O caso da família Vieira, de Blumenau, que foi condenada por manter a prática do “homeschooling” – educação domiciliar – junto aos filhos por 13 anos chama atenção para como Santa Catarina se tornou um estado engajado na defesa da prática. Nos últimos anos, o Tribunal de Justiça do Estado derrubou duas leis que tentavam regulamentar o ensino à revelia da legislação federal.
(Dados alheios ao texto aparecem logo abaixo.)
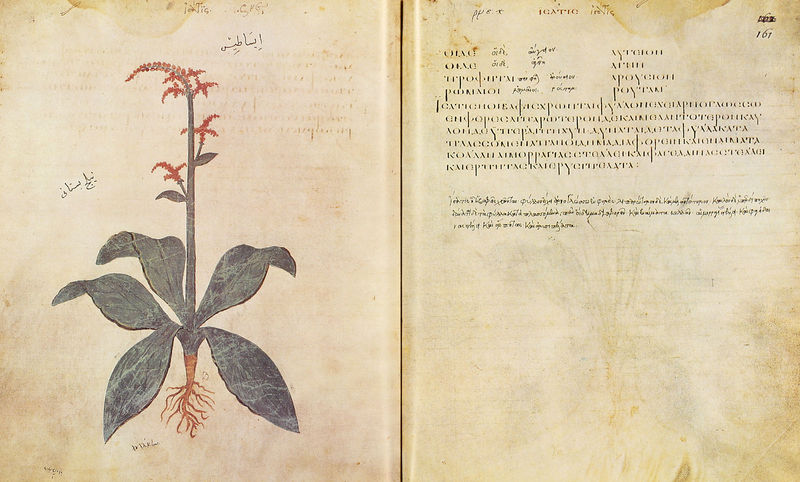
Titel: Wiener Dioskurides
Institution: Wien, Österreichische Nationalbibliothek
Schlagwörter: blätter, grün, blume, skizze, blüte, rot, malerei, alt, blatt, pflanze, pflanzen, schrift, papier, schriftzeichen, buch, wurzel, illustration, text, buchseite, pergament, arabisch, botanik, handschrift, notiz, red, buchmalerei, doppelseite, lexikon, flower, paginierung, green, leaves, plant, roots, botany, botanical
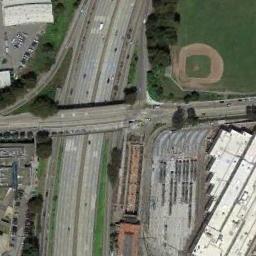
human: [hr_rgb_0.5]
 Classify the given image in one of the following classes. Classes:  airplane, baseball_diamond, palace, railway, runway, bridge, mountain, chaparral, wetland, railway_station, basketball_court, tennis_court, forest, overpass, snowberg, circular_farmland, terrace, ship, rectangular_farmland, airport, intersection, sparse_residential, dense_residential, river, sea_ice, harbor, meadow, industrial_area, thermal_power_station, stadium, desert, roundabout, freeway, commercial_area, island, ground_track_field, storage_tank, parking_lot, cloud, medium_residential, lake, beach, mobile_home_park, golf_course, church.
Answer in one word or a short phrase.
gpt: baseball_diamond
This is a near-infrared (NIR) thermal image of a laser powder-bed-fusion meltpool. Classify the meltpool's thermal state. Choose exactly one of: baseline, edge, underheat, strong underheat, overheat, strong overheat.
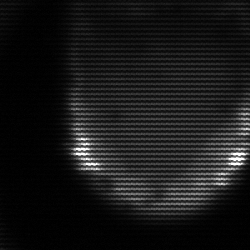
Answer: edge
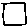
Label: square
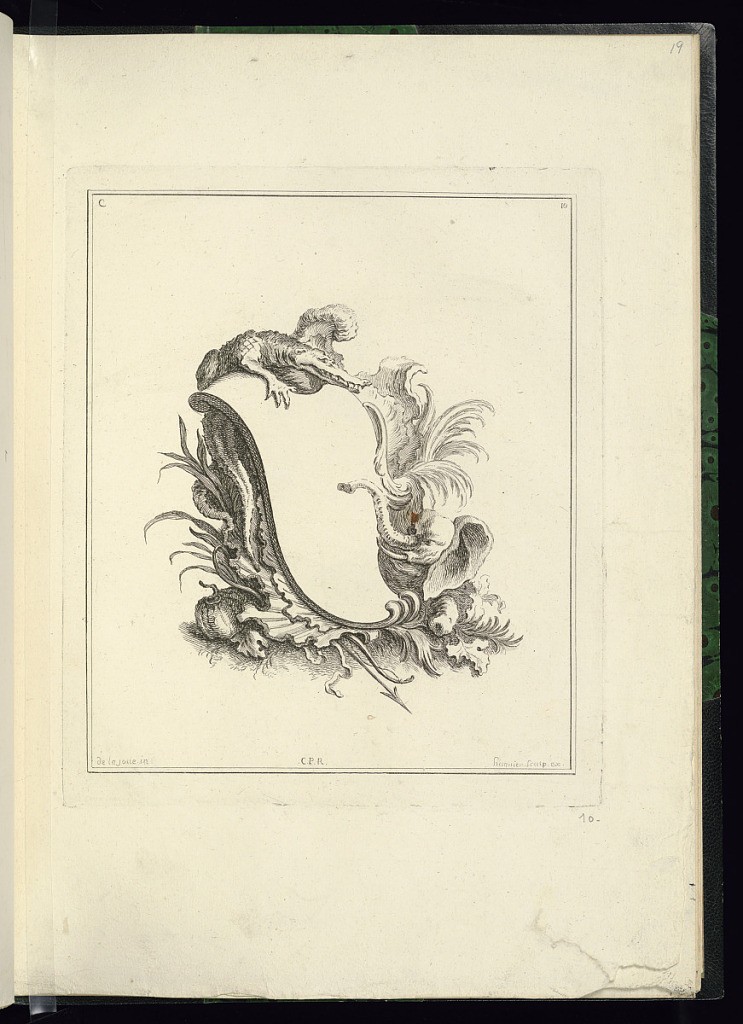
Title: Design for a Cartouche Representing the Continent of Africa
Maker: Jacques de Lajoüe, French, 1687–1761
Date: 1740
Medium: Engraving on white laid paper
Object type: Print
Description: Asymmetrical cartouche with a giant lizard, a crocodile at top, the head of an elephant at right. Leaf and shell motifs decorate the border of the cartouche, a bow and arrow at bottom center.
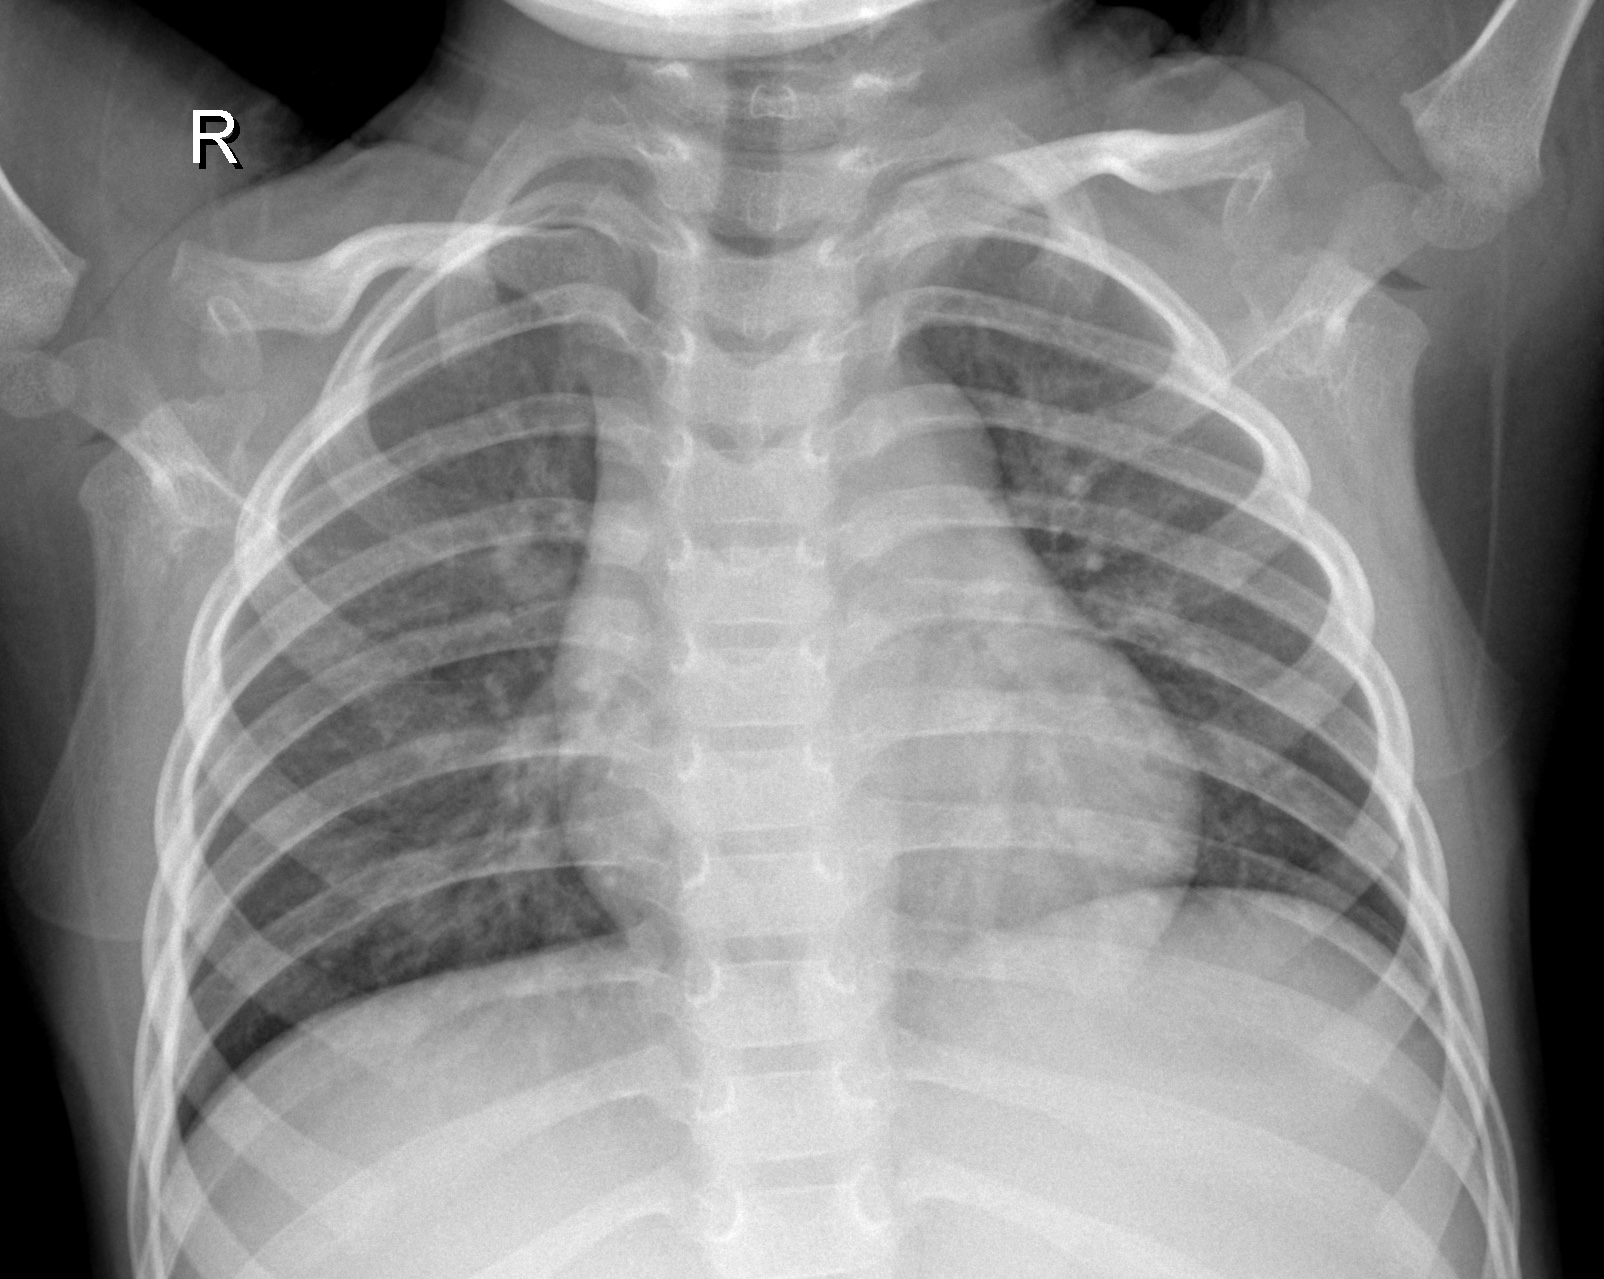
Diagnosis: NORMAL

Paralelamente, a deputada federal Caroline de Toni (PL-SC) tenta emplacar um projeto para anistiar pais que aderem à prática considerada ilegal.

A Assembleia Legislativa de Santa Catarina e a Prefeitura de Chapecó tiveram suas propostas barradas pelo mesmo tribunal que condenou o casal blumenauense, ambas em 2021. Além das decisões envolvendo os órgãos do Estado, há pelo menos três casos de proibição de homeschooling no portal de jurisprudência do TJ-SC. Todos estão em segredo de justiça por envolverem menores de idade.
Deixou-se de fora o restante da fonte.